Dear Torvald, Love Nora by Emma Draves
I find the eponymous reference to Ibsen’s Dollhouse, the belittled Nora and the patronizing husband who treated her like a child, humorous in the extreme. There is nothing belittled or childish about Draves’s collection of liberated, luxuriant women. It’s quite the mental picture to see Nora don lycra pants and electrical tape and join the sisterhood. The dances begin as series of small sinuous movements among the group, picked up and copied by some shunned by others, each shoulder roll or finger curl, fully self licensed and meant to set the world back a pace. These group expressions become more reverent, blending with some unidentified song, with the air of an ancient celtic song drifting up from old firths or perhaps a pre-Christian discotech.
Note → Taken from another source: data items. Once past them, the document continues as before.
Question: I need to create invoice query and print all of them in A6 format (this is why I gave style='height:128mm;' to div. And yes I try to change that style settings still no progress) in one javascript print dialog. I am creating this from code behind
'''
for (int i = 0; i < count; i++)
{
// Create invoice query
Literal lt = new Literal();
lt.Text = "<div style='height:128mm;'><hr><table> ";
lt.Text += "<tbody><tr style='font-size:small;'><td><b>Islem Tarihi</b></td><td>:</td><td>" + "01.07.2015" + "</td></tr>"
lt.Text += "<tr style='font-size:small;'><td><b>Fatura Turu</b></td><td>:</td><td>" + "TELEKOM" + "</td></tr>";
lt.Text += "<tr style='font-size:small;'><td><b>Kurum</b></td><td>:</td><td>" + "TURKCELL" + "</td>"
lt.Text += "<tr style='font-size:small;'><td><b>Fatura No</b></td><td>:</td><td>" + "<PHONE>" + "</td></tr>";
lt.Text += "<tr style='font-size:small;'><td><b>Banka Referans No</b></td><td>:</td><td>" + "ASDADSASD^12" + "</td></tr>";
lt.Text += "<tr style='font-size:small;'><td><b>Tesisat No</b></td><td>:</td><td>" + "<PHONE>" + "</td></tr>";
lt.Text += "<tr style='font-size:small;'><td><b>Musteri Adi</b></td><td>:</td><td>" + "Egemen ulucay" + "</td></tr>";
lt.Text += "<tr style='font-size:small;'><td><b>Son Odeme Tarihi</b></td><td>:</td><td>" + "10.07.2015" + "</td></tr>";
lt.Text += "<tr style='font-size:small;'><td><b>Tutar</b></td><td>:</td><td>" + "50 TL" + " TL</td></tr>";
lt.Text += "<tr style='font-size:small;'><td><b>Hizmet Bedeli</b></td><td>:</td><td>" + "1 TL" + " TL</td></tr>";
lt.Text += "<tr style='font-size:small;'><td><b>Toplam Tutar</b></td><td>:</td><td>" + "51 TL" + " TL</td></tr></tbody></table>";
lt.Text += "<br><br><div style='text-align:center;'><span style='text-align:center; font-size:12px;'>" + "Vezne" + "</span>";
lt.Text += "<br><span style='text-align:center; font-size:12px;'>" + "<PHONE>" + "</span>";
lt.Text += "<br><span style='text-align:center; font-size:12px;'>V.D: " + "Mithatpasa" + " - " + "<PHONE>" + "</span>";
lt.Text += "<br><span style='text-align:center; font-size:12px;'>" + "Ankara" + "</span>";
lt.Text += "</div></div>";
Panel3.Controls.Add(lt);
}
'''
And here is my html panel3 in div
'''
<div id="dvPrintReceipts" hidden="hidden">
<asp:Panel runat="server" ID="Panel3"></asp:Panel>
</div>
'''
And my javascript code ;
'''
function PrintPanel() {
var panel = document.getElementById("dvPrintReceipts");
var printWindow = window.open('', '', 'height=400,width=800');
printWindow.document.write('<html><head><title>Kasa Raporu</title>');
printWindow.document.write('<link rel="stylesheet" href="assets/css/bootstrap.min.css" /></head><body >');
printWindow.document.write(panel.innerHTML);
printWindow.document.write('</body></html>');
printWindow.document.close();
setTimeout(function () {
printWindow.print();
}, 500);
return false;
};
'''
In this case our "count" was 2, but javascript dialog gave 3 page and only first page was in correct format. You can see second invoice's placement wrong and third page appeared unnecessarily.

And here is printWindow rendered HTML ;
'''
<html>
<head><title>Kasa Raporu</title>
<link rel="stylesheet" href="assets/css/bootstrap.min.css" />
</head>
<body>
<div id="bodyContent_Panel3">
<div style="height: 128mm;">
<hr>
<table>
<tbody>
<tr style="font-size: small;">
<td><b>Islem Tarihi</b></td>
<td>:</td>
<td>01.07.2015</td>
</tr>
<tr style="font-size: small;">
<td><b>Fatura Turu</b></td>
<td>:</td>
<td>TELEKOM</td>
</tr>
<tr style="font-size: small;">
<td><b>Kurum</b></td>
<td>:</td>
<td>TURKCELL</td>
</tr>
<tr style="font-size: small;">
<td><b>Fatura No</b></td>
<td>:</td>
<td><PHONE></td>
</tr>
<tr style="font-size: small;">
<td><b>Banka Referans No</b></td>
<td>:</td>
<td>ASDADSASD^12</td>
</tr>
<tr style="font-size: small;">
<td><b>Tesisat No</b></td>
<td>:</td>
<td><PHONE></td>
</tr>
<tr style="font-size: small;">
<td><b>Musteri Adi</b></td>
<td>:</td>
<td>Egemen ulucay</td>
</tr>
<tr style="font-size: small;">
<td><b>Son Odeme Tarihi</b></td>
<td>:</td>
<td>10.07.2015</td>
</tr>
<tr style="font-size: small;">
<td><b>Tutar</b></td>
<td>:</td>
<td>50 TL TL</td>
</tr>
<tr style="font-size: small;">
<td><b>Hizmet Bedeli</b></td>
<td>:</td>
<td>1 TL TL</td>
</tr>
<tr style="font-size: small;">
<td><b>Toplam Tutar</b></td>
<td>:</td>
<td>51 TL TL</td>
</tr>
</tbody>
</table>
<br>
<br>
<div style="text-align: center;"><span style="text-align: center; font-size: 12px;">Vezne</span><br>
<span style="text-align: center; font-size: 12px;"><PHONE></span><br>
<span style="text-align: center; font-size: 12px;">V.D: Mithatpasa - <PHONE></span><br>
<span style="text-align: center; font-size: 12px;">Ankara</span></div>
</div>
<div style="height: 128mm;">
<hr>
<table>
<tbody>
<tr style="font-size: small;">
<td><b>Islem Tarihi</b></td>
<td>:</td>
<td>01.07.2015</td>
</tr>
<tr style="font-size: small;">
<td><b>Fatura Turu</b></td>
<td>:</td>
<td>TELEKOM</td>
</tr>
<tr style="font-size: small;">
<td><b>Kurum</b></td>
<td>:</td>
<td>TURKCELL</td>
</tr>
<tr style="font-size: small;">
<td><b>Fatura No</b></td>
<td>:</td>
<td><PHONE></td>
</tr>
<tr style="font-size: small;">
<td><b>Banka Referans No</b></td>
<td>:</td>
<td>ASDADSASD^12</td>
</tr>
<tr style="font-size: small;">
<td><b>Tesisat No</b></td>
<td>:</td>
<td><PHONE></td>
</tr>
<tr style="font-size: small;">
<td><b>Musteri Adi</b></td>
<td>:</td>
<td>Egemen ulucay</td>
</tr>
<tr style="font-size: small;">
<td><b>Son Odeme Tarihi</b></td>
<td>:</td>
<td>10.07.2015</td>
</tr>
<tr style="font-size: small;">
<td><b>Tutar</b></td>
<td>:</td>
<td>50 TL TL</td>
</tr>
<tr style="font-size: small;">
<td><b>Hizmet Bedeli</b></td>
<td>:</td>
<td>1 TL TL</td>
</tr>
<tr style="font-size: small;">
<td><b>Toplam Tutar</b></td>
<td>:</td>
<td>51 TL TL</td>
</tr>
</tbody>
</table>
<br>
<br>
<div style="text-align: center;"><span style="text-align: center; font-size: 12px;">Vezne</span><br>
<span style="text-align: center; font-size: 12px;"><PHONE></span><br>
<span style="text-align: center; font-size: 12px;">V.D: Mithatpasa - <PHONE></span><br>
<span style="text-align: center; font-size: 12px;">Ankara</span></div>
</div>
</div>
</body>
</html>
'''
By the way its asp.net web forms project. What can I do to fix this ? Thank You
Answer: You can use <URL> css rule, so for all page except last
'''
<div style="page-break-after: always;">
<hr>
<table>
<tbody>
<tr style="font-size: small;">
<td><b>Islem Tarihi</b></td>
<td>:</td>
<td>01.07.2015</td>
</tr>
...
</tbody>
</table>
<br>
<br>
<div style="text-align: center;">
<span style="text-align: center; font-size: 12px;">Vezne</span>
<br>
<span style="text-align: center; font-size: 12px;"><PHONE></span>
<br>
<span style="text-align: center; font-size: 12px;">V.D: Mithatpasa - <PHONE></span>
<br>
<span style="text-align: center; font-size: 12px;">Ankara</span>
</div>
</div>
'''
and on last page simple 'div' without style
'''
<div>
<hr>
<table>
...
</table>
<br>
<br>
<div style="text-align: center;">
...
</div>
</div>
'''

Then, after some ritual stomping the ensemble begins the last assail of our senses that evening with “Riot Rythem” by Sleigh Bells, with sleek extensions that still manage to convey the sense of a thrashing march; the complete opposite of the demure rebellion that began the show.
While it may not be “pushing buttons” this years dance works is admirably conscious of injustices, knowledgeable of new and old forms, and for the most part has some splendid stories to tell through song, dance, and self-animate chairs. I highly recommend popping by and seeing what you can glean from this collection of intelligent minds and nimble feet.